I can’t tell you how often I saw a swim fin-sized steak land in front of a gorgeous, near-anorexic Argentinean girl (they’re everywhere too!) and her digging in like it was a salad appetizer.
That’s something for the brochure.
But regardless of the comparisons between Argentine and American steaks, my own carniphilia only increased. And in my case it is love of all things meat-related. Steaks, chops, ribs, roasts: they all taste great to me. Even offal–animal innards and extremities that include brains, feet, tongue and tripe–has a special place in my heart. [Insert artery blockage joke here.]
I wasn’t always this way. It all started in 1997 when I first walked into 837 2nd Avenue. Fellow meat-lovers will no doubt recognize this as the address of the original Palm in midtown Manhattan. (Note to Ed.: There is no “The” in the restaurant’s title.)
My first “real job” after college landed me on the corner of 42nd and 2nd. After four years of dorm-prepared mac & cheese, I quickly began making up for lost time. If it was 1) French, Fusion or New American, 2) reservations required extortion and 3) it served food stacked higher than 7 inches, I was there.
That is, until one day when a fellow compulsive diner told me about a great steak joint right around the corner from my office. There, through Palm’s unadorned entrance, I entered into what has become the longest committed relationship of my life.

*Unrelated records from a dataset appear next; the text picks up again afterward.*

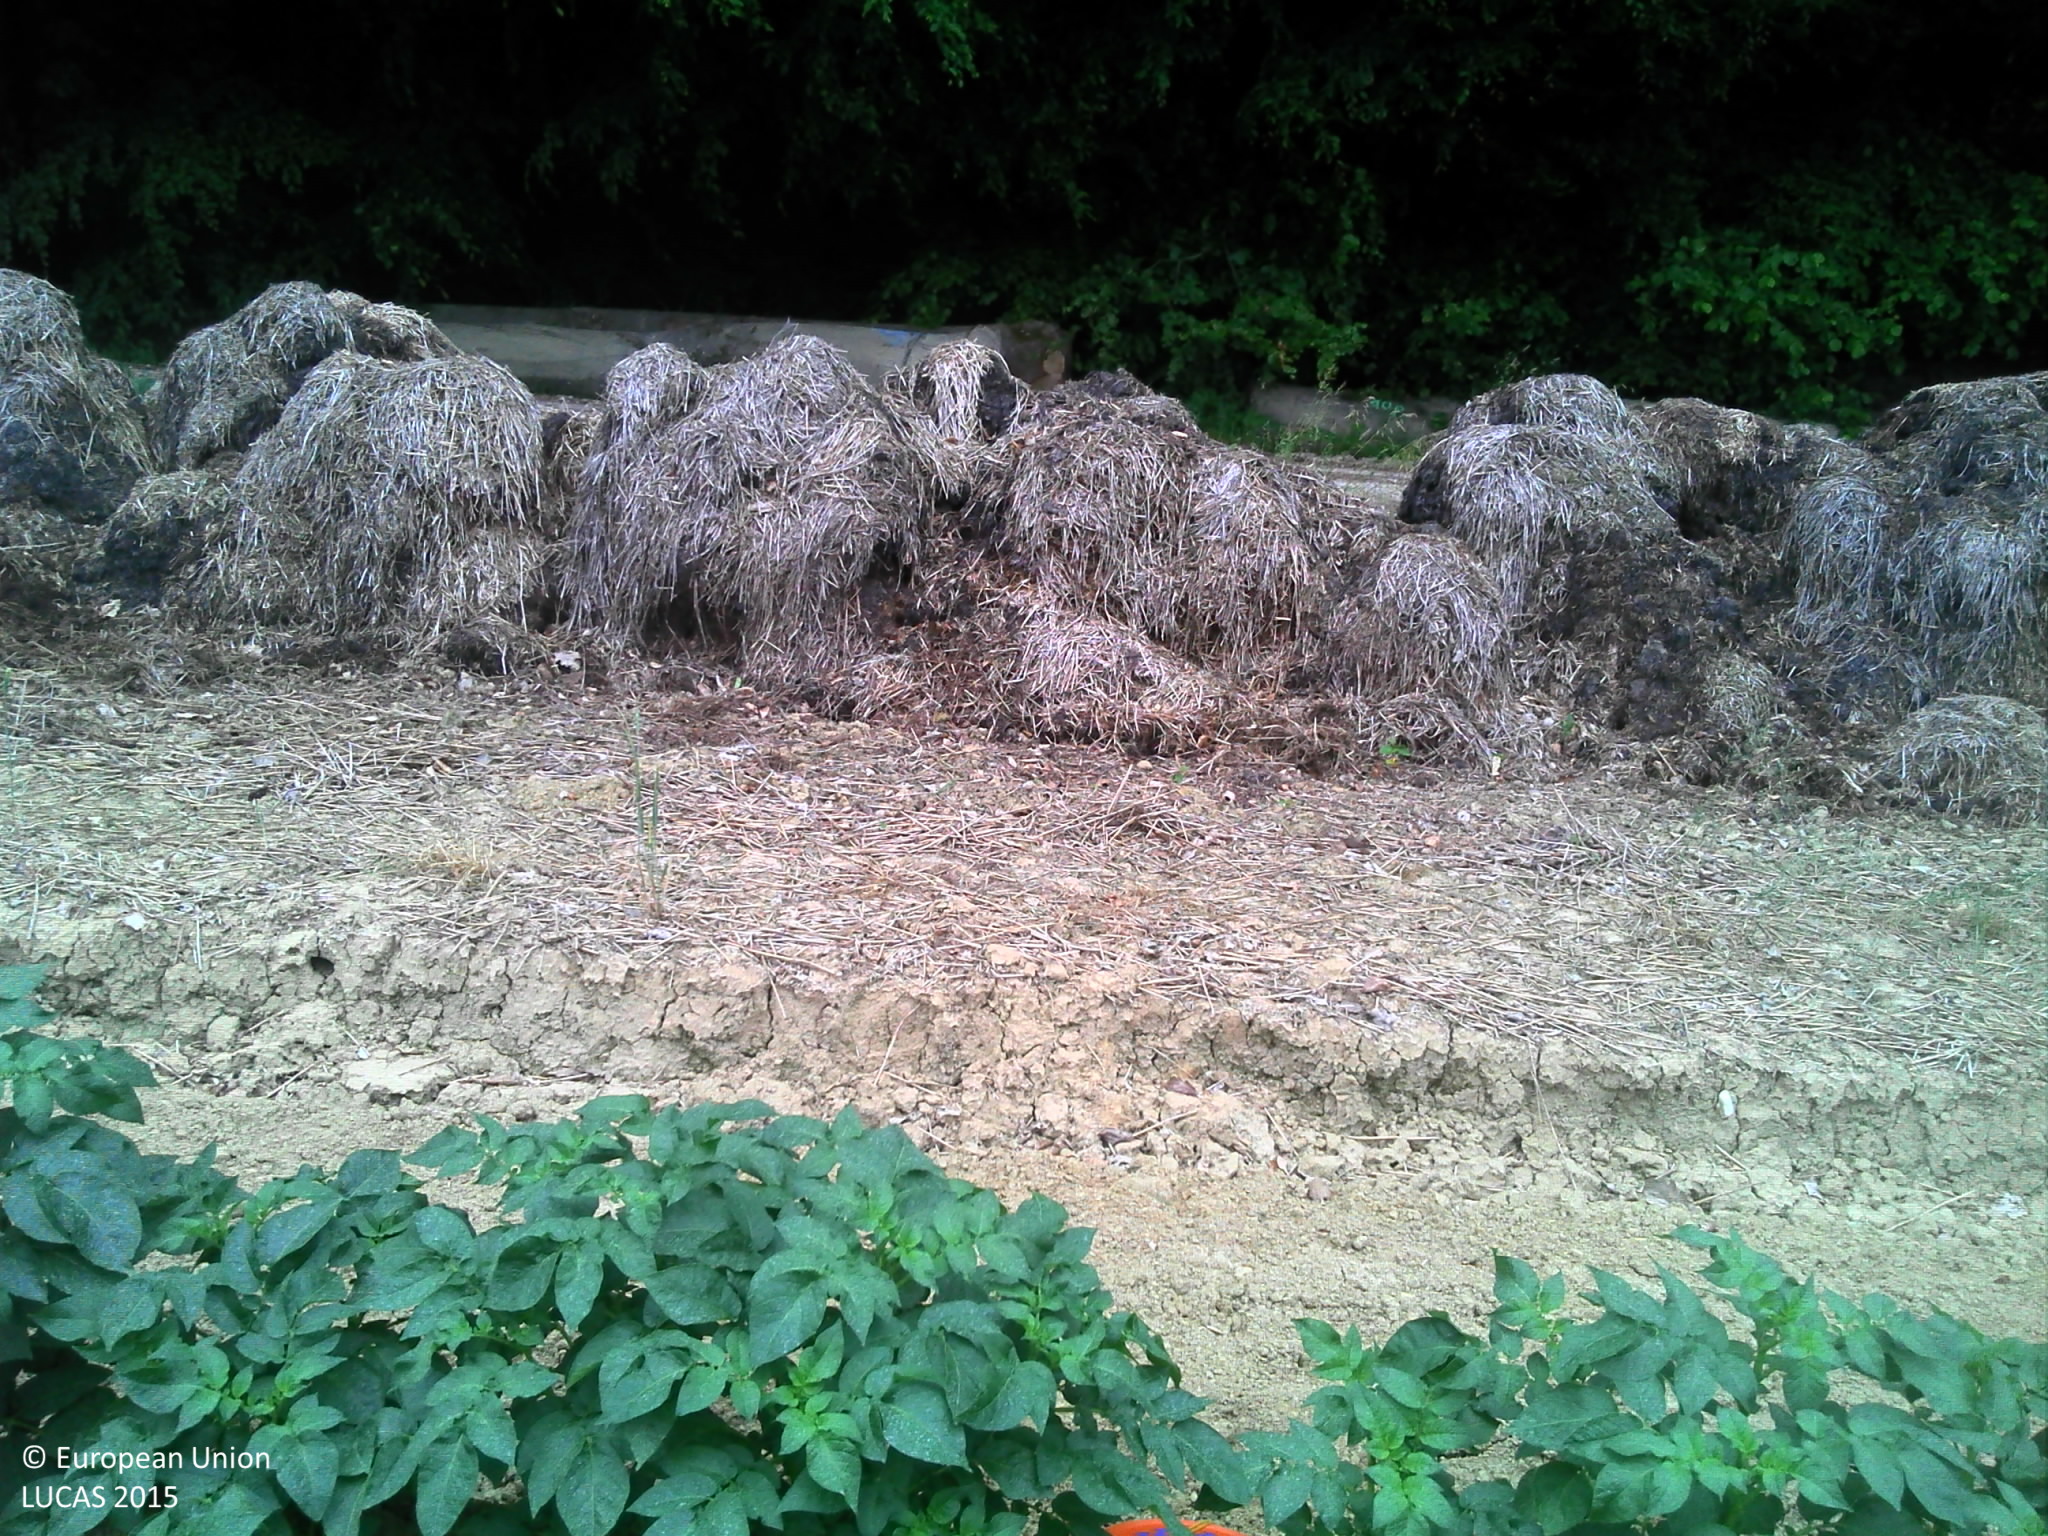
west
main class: Cropland
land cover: Potatoes
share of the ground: 50 - 75 %
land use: Agriculture (excluding fallow land and kitchen gardens)
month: June
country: FR
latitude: 47.5108
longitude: 7.4921

The $19.99 lunch special, which allowed me the choice of a filet or strip–as well as an appetizer, side, coffee and dessert–became a staple of my diet for as long as I worked in the city. At Palm I learned about the different cuts of beef, the various ways they can be served and, most importantly, the value of ordering my steaks cooked rare.
Returning to my recent excursion, this last point caused no little bewilderment among my Argentinean friends. Firm believers in taking gorgeous cuts of meat and burning them to a crisp, the Argentineans with whom I dined alternated between confusion and repulsion whenever I specified, re-specified and then had to clarify that, yes, I wanted my steak to touch the grill only long enough to char its outside and seal its juices inside.
Aside from that minor disagreement, my new personal Mecca and I got along famously.
On the flight home I sat next to a vegetarian American who had spent the last several months working at an NGO named Help Argentina. At the risk of hindering readers’ own meditations on the concept of irony, I’ll simply say that my already low opinion of do-gooder organizations and their self-righteous employees took a nosedive after that episode.
During the 11-hour flight back home, I kept chewing over one of my favorite lines: If God hadn’t meant for us to eat animals, he wouldn’t have made them out of meat.
Raul Damas is director of operations at Opiniones Latinas, a Hispanic-focused polling firm.